Predicting Patients at Risk of Becoming Hospital Super-Utilizers
Programs designed to intervene with hospital super-utilizers to reduce costs and improve outcomes commonly rely on predictive models to identify patients at highest risk of excess future hospital utilization, target scarce interventional resources and provide supplemental clinical and social decision support.
Super-utilizers typically have a variety of clinical, social and behavioral complexities that add extreme difficulty in the design of interventions designed to reduce their ED utilization. Successful interventions have focused on pain management, mental illness and substance abuse among patients by investing in integrated care delivery models that provide medical, social and mental health supports.

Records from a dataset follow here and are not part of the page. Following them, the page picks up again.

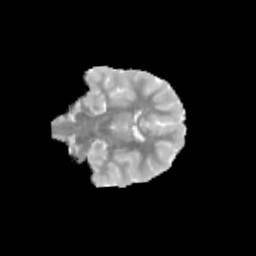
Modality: MD
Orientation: coronal
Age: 10
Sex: female
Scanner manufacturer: siemens
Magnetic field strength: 3 T
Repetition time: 3.8 s
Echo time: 0.07 s
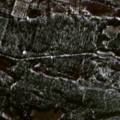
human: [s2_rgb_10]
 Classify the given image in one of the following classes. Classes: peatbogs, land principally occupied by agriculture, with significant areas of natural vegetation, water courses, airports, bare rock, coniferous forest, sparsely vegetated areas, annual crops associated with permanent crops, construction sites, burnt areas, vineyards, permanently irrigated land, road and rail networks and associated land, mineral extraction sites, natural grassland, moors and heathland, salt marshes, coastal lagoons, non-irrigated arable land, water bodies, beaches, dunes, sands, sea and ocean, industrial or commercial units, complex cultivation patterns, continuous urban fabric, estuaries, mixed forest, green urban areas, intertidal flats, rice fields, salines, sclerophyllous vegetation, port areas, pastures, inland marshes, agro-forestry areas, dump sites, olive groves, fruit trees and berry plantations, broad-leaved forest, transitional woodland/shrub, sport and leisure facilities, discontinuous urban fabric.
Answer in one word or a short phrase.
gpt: coniferous forest, mixed forest, transitional woodland/shrub
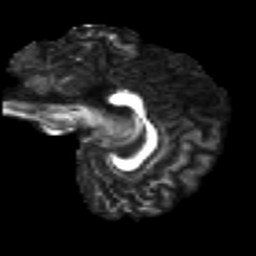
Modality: FA
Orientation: sagittal
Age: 22
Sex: female
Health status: ill
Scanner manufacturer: siemens
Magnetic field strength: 3 T
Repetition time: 6.5 s
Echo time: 0.062 s
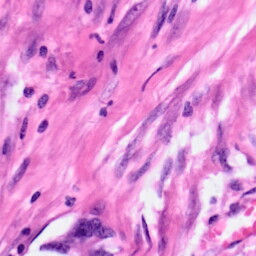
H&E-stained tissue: Pancreatic
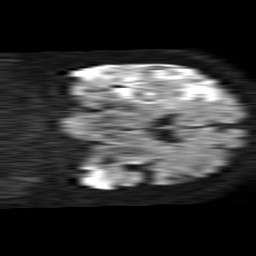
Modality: TRACE
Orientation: coronal
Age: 75
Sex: male
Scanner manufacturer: philips
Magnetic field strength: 1.5 T
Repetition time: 4.6 s
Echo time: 0.08528 s
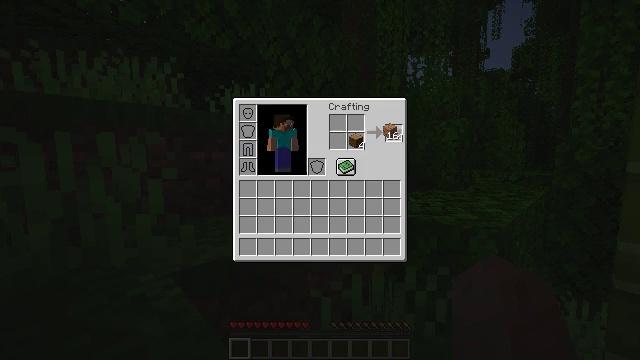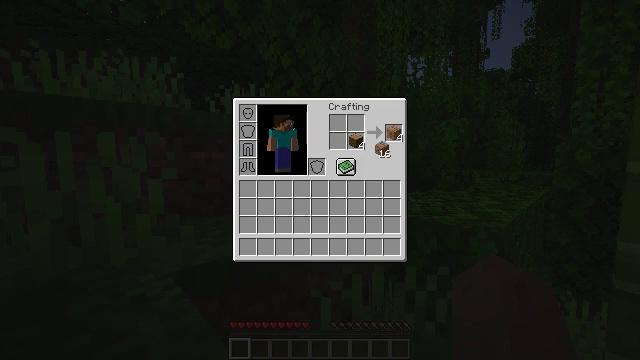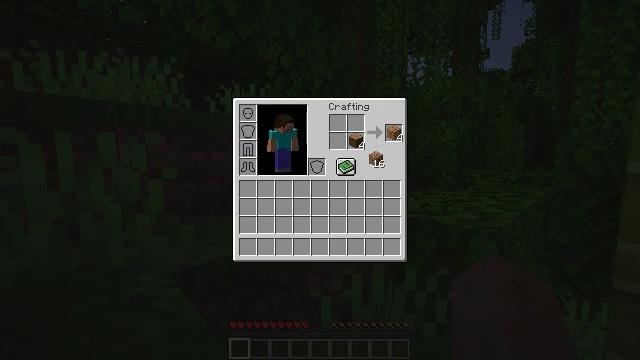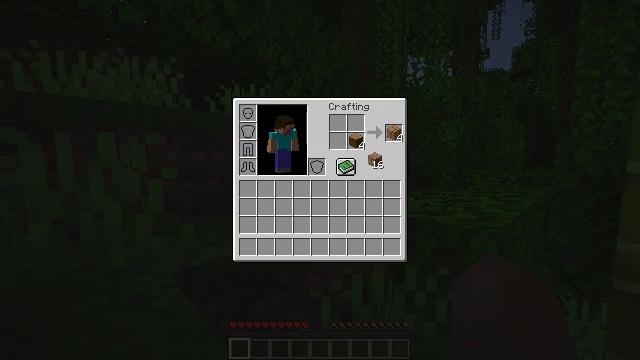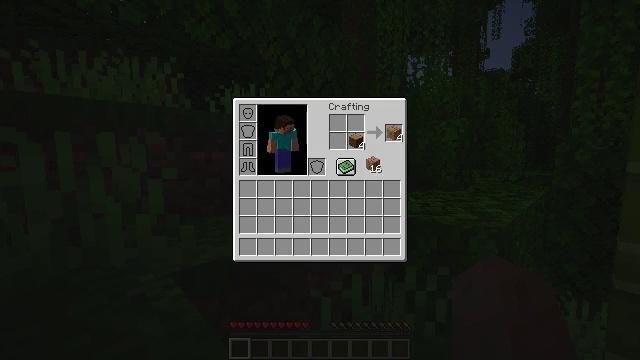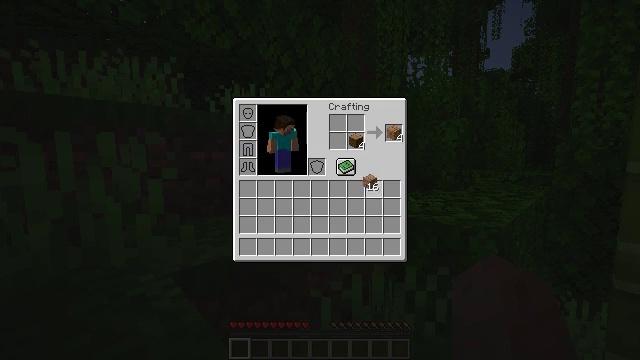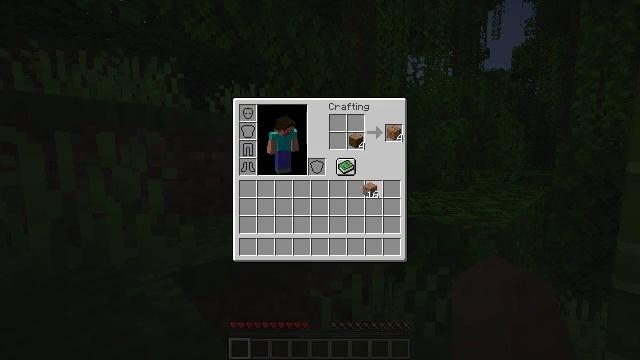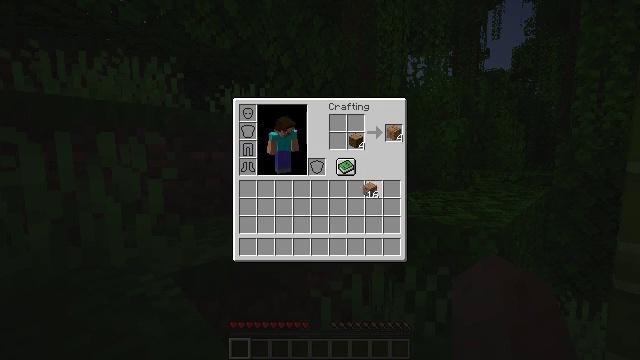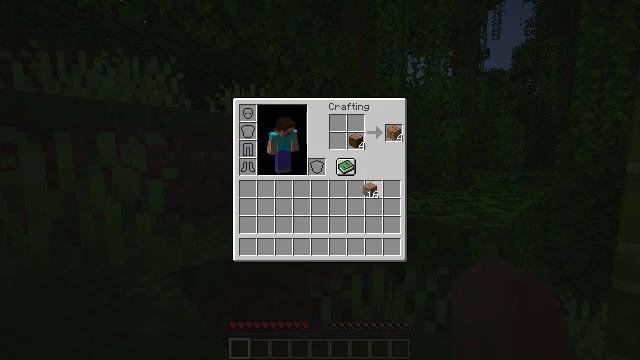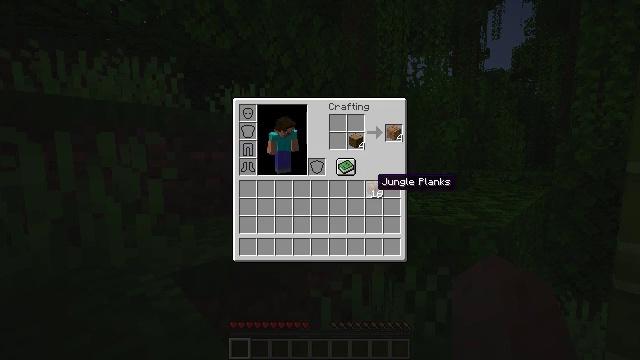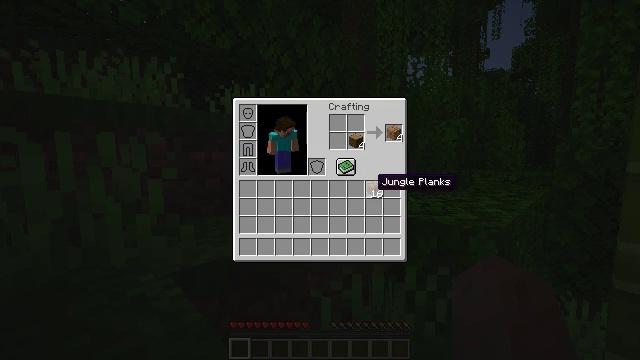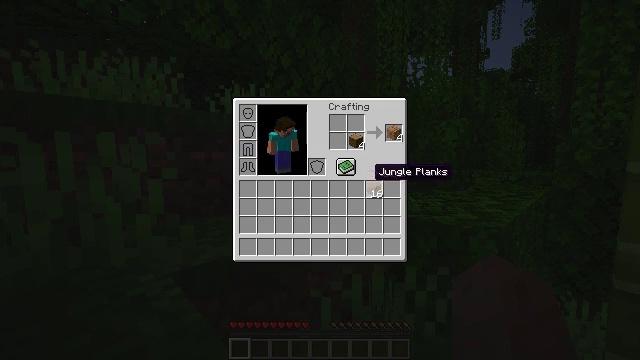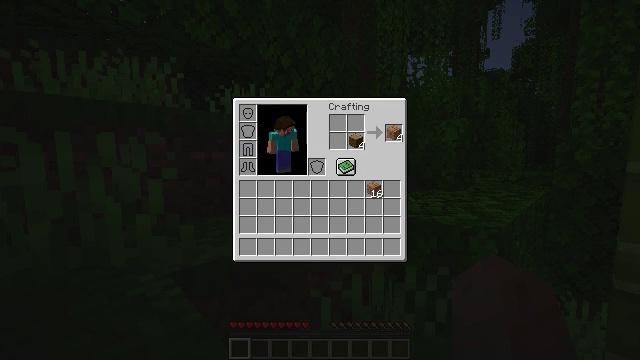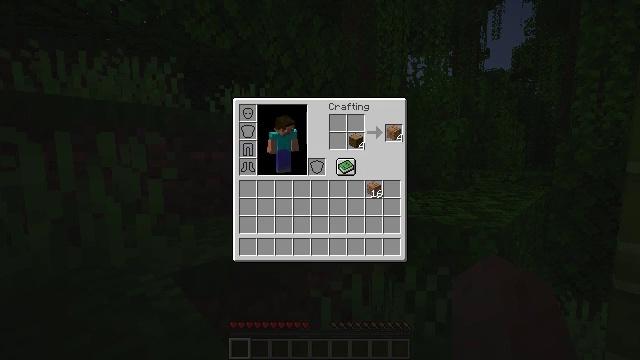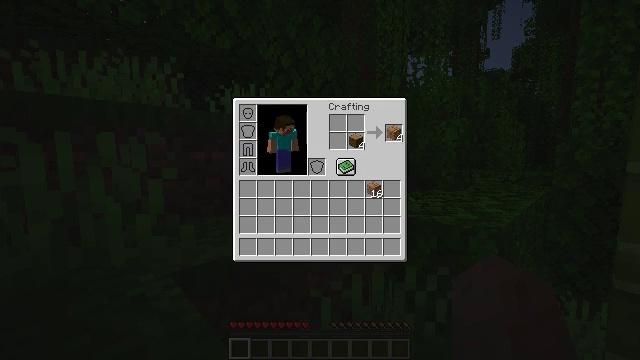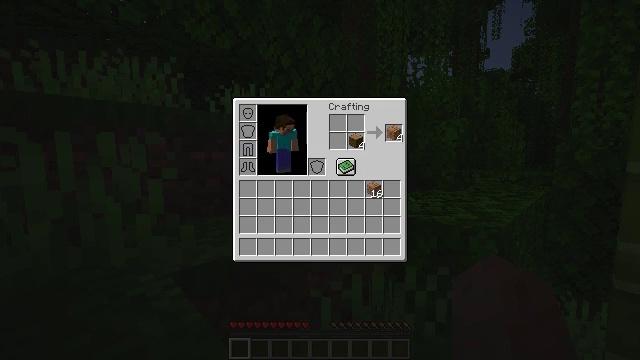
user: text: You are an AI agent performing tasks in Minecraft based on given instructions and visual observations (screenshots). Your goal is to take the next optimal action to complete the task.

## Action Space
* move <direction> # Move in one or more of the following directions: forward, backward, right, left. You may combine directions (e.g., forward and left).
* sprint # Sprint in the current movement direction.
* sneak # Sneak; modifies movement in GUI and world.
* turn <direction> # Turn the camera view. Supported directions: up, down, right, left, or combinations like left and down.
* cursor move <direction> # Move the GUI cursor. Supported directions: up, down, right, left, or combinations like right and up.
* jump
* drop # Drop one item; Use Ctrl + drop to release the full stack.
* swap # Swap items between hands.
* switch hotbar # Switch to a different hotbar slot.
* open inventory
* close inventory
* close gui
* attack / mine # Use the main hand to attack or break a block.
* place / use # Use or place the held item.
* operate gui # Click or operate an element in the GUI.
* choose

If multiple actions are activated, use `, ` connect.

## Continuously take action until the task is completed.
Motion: motion action
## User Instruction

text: Drop a jungle log.
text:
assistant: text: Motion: cursor move left and down, open gui
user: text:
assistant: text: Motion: cursor move down
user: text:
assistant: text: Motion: no_op
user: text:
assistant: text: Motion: no_op
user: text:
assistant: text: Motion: cursor move down
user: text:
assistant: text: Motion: cursor move down
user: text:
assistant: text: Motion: operate gui
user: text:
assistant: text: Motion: operate gui
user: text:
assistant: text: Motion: no_op
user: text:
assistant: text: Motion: no_op
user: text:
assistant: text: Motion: cursor move up
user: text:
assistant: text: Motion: cursor move up
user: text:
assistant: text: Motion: no_op
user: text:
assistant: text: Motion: no_op
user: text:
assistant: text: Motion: cursor move up
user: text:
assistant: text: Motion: no_op
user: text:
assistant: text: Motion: operate gui
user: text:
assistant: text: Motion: operate gui
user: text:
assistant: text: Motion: operate gui
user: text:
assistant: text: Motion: no_op
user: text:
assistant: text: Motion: no_op
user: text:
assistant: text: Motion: cursor move down
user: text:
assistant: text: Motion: cursor move right and down
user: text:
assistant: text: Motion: cursor move right and down
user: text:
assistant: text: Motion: cursor move right and down
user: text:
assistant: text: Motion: operate gui
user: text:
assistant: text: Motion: operate gui
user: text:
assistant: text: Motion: operate gui
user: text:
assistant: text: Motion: no_op
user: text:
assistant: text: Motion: no_op
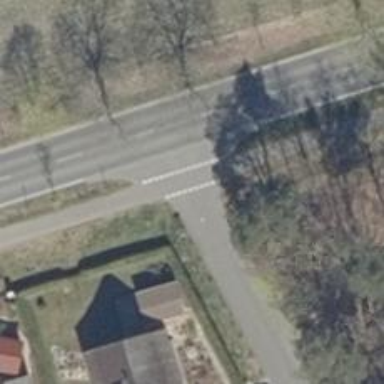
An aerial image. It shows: Smooth asphalt road in residential area.
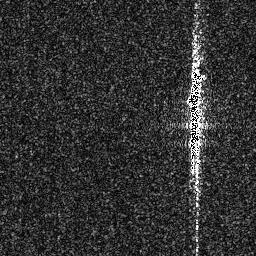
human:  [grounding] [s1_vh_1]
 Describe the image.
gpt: In the satellite image, there is  <ref>1 large ship </ref> <box>[[71, 25, 80, 67, 0]]</box> located at right.
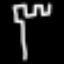
Label: fork
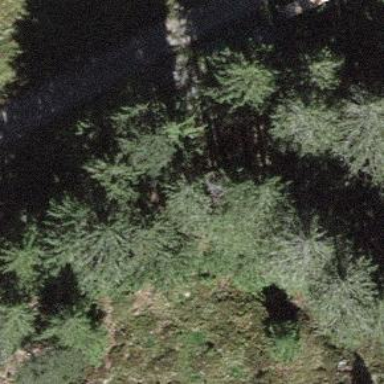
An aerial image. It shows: Woodland consisting mainly of needle-leaved trees.
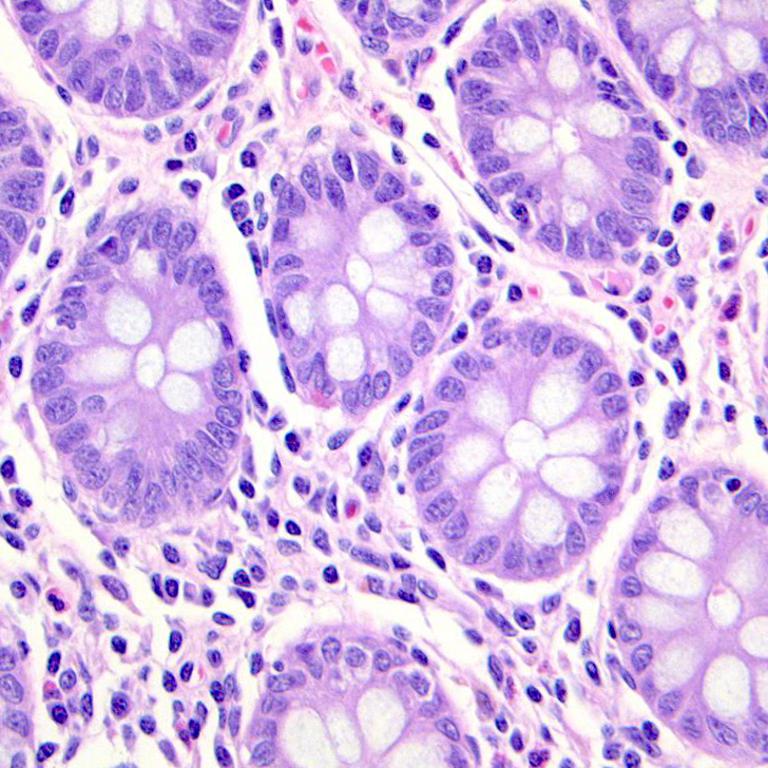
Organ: colon
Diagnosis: benign
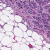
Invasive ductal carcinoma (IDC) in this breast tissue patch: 1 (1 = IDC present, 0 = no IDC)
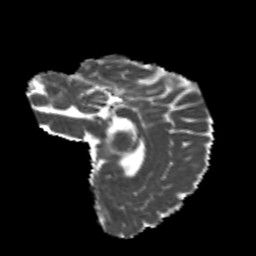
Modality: MD
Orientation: sagittal
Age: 23
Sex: female
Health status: healthy
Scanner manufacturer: philips
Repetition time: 7.391 s
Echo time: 0.08599 s
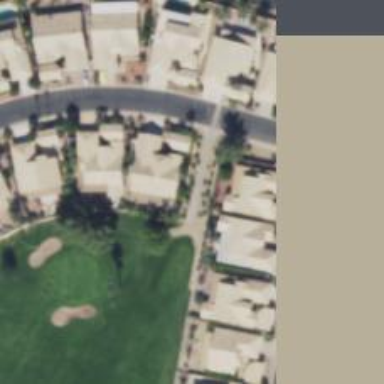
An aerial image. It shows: Footway that doubles as golf path.
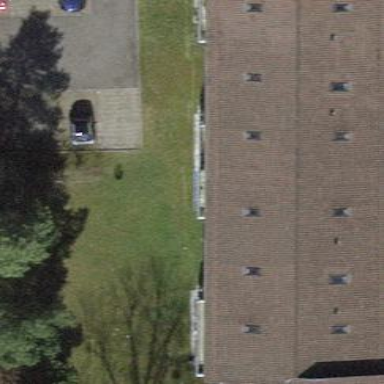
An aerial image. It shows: Apartments building with gabled tile roof.
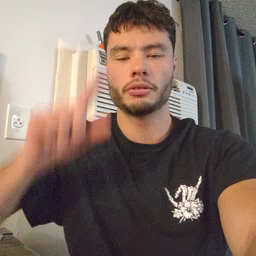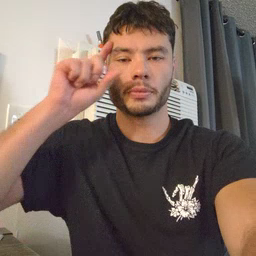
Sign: moon
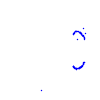
Particle: proton
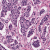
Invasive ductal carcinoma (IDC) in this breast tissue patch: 1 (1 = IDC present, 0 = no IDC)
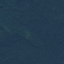
Label: Forest
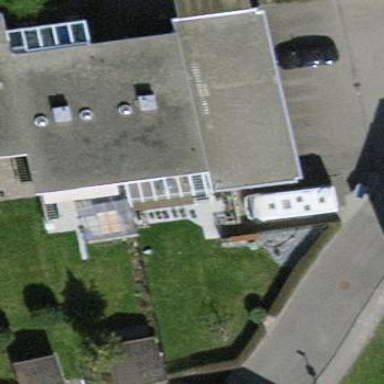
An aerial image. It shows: Garage with flat roof.
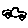
Label: car
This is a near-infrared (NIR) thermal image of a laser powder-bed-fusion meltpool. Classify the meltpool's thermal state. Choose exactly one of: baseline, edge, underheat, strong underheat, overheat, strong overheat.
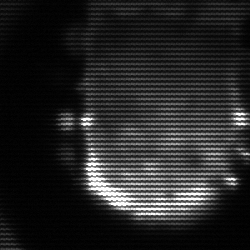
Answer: baseline
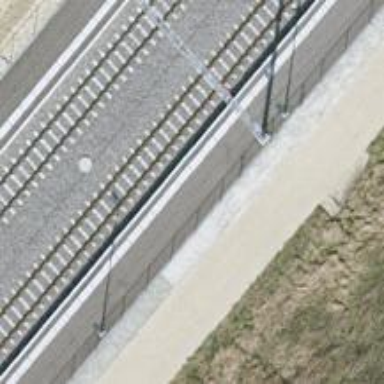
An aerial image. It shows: Stop for light rail public transport on the railway.
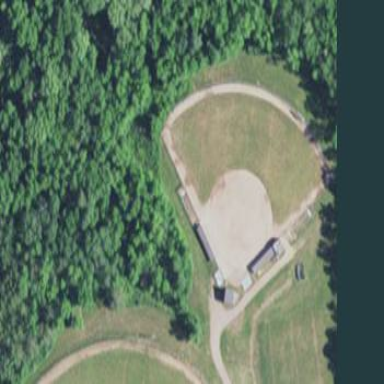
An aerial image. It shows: Softball pitch for leisure sports.
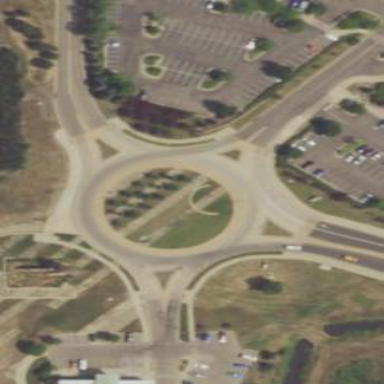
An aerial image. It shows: Residential road that intersects with roundabout.
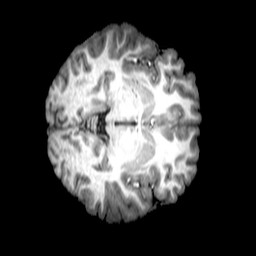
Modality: T1w
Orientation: axial
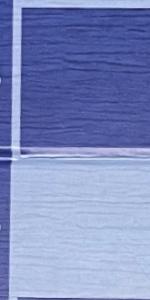
Label: Empty
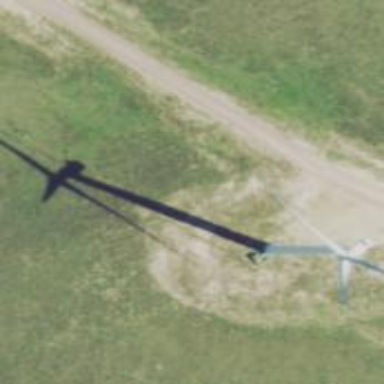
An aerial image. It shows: Wind generator with horizontal axis. The generator is wind turbine.
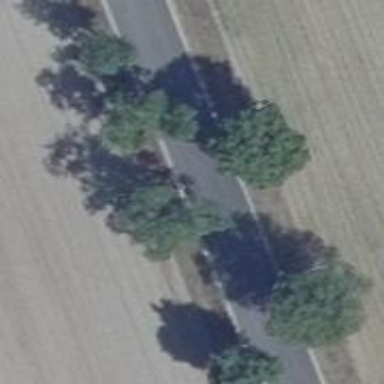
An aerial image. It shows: Deciduous broadleaved tree.
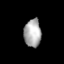
Tissue: lung
Cell type: Myeloid cells
Senescence score: 0.2306
Nuclear area (px): 465
Mean DAPI intensity: 171.757
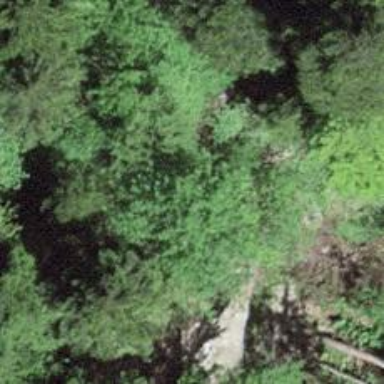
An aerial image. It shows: Natural cliff.
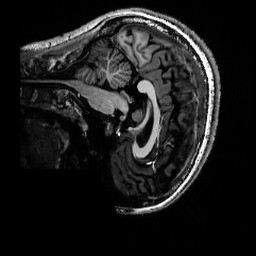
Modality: T1w
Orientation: sagittal
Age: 22
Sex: female
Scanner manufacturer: siemens
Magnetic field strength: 6.98 T
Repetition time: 6 s
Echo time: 0.00299 s
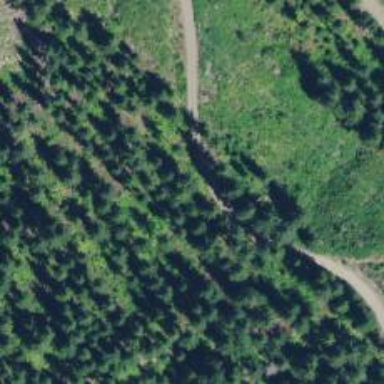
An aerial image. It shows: Track road used for backcountry skiing.
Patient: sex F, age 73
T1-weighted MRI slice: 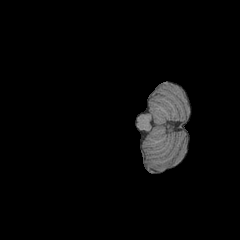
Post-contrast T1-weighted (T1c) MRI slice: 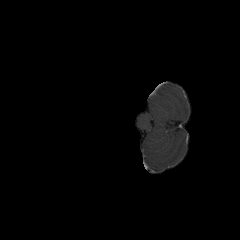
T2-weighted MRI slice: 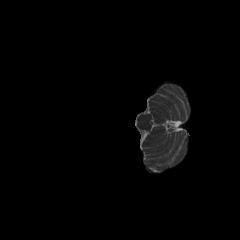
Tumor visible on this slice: no
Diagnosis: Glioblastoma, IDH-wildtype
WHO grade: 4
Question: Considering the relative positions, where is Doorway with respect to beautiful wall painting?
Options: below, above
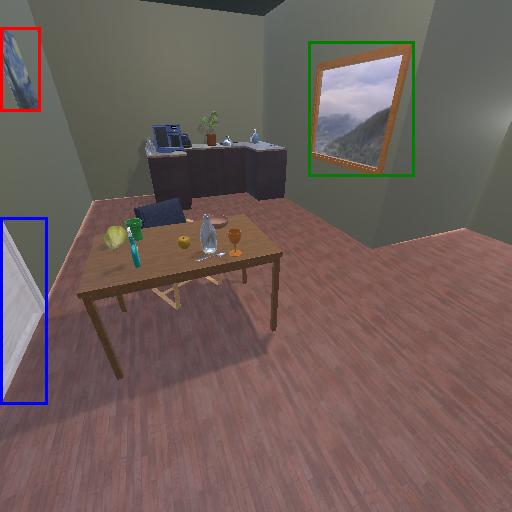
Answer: below
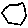
Label: hexagon
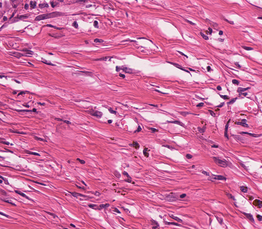
Tumor epithelial tissue: no
Tumor-associated stroma tissue: yes
Normal tissue: no

Hospital Super-Utilizers and Transitions of Care
The disproportionate concentration of health care consumption and expenditures among a small portion of the population is a well-documented facet of the health system in the U.S. The top 1 percent of the population consistently consumes more than one-fifth of health care resources, the top 5 percent account for half of all spending and half of the population accounts for 97 percent of health care utilization and expenditures.
Because of new paradigms in accountable care and population health management, one particular segment of high-cost patients — hospital “super-utilizers”— has been the focus of emerging models of patient-centered care delivery that concentrate on both medical and socioeconomic conditions. The foundational elements of these models include robust data analysis and patient-centered transitions of care from the hospital to patients’ communities.